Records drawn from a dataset
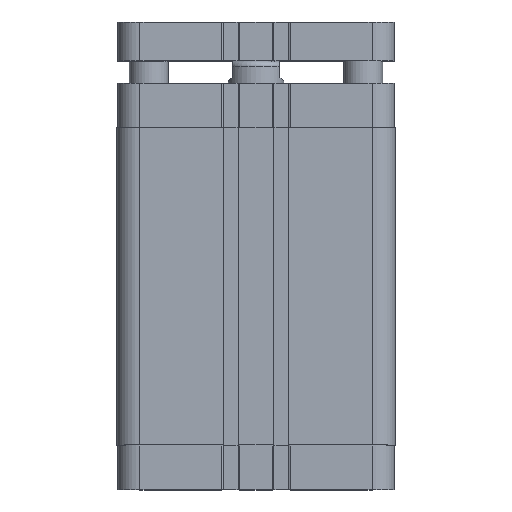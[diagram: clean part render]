
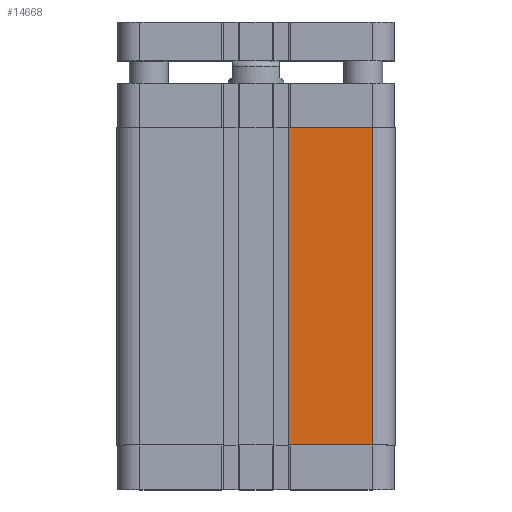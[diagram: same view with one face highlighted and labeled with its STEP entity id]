
A CAD part, top view. The second image highlights one B-rep face of the part: STEP entity #14668.
In plain terms, the highlighted planar face has unit normal (0, 0, 1).
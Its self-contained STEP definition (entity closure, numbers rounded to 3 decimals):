
#12128=CARTESIAN_POINT('',(11.75,57.0,50.));
#12129=VERTEX_POINT('',#12128);
#12136=CARTESIAN_POINT('',(42.,57.0,50.));
#12137=VERTEX_POINT('',#12136);
#12138=CARTESIAN_POINT('',(42.,57.0,50.));
#12139=DIRECTION('',(-1.0,0.0,0.0));
#12140=VECTOR('',#12139,30.25);
#12141=LINE('',#12138,#12140);
#12142=EDGE_CURVE('',#12137,#12129,#12141,.T.);
#14062=CARTESIAN_POINT('',(42.,-57.0,50.));
#14063=VERTEX_POINT('',#14062);
#14071=CARTESIAN_POINT('',(11.75,-57.0,50.));
#14072=VERTEX_POINT('',#14071);
#14073=CARTESIAN_POINT('',(11.75,-57.0,50.));
#14074=DIRECTION('',(1.0,0.0,0.0));
#14075=VECTOR('',#14074,30.25);
#14076=LINE('',#14073,#14075);
#14077=EDGE_CURVE('',#14072,#14063,#14076,.T.);
#14641=CARTESIAN_POINT('',(42.,-57.0,50.));
#14642=DIRECTION('',(0.0,1.0,0.0));
#14643=VECTOR('',#14642,114.0);
#14644=LINE('',#14641,#14643);
#14645=EDGE_CURVE('',#14063,#12137,#14644,.T.);
#14652=CARTESIAN_POINT('',(42.,0.0,50.));
#14653=DIRECTION('',(0.0,0.0,1.0));
#14654=DIRECTION('',(1.0,0.0,0.0));
#14655=AXIS2_PLACEMENT_3D('',#14652,#14653,#14654);
#14656=PLANE('',#14655);
#14657=ORIENTED_EDGE('',*,*,#12142,.T.);
#14658=CARTESIAN_POINT('',(11.75,-57.0,50.));
#14659=DIRECTION('',(0.0,1.0,0.0));
#14660=VECTOR('',#14659,114.0);
#14661=LINE('',#14658,#14660);
#14662=EDGE_CURVE('',#14072,#12129,#14661,.T.);
#14663=ORIENTED_EDGE('',*,*,#14662,.F.);
#14664=ORIENTED_EDGE('',*,*,#14077,.T.);
#14665=ORIENTED_EDGE('',*,*,#14645,.T.);
#14666=EDGE_LOOP('',(#14657,#14663,#14664,#14665));
#14667=FACE_OUTER_BOUND('',#14666,.T.);
#14668=ADVANCED_FACE('',(#14667),#14656,.T.);

▶ Exercise aim: Only the lines above from the one with "#12128=CARTESIAN_POINT('',(11.75,57.0,50.));" up to and including the one with "#14655=AXIS2_PLACEMENT_3D('',#14652,#14653,#14654);" should be repeated, exactly as written.

▶ Task response:
#12128=CARTESIAN_POINT('',(11.75,57.0,50.));
#12129=VERTEX_POINT('',#12128);
#12136=CARTESIAN_POINT('',(42.,57.0,50.));
#12137=VERTEX_POINT('',#12136);
#12138=CARTESIAN_POINT('',(42.,57.0,50.));
#12139=DIRECTION('',(-1.0,0.0,0.0));
#12140=VECTOR('',#12139,30.25);
#12141=LINE('',#12138,#12140);
#12142=EDGE_CURVE('',#12137,#12129,#12141,.T.);
#14062=CARTESIAN_POINT('',(42.,-57.0,50.));
#14063=VERTEX_POINT('',#14062);
#14071=CARTESIAN_POINT('',(11.75,-57.0,50.));
#14072=VERTEX_POINT('',#14071);
#14073=CARTESIAN_POINT('',(11.75,-57.0,50.));
#14074=DIRECTION('',(1.0,0.0,0.0));
#14075=VECTOR('',#14074,30.25);
#14076=LINE('',#14073,#14075);
#14077=EDGE_CURVE('',#14072,#14063,#14076,.T.);
#14641=CARTESIAN_POINT('',(42.,-57.0,50.));
#14642=DIRECTION('',(0.0,1.0,0.0));
#14643=VECTOR('',#14642,114.0);
#14644=LINE('',#14641,#14643);
#14645=EDGE_CURVE('',#14063,#12137,#14644,.T.);
#14652=CARTESIAN_POINT('',(42.,0.0,50.));
#14653=DIRECTION('',(0.0,0.0,1.0));
#14654=DIRECTION('',(1.0,0.0,0.0));
#14655=AXIS2_PLACEMENT_3D('',#14652,#14653,#14654);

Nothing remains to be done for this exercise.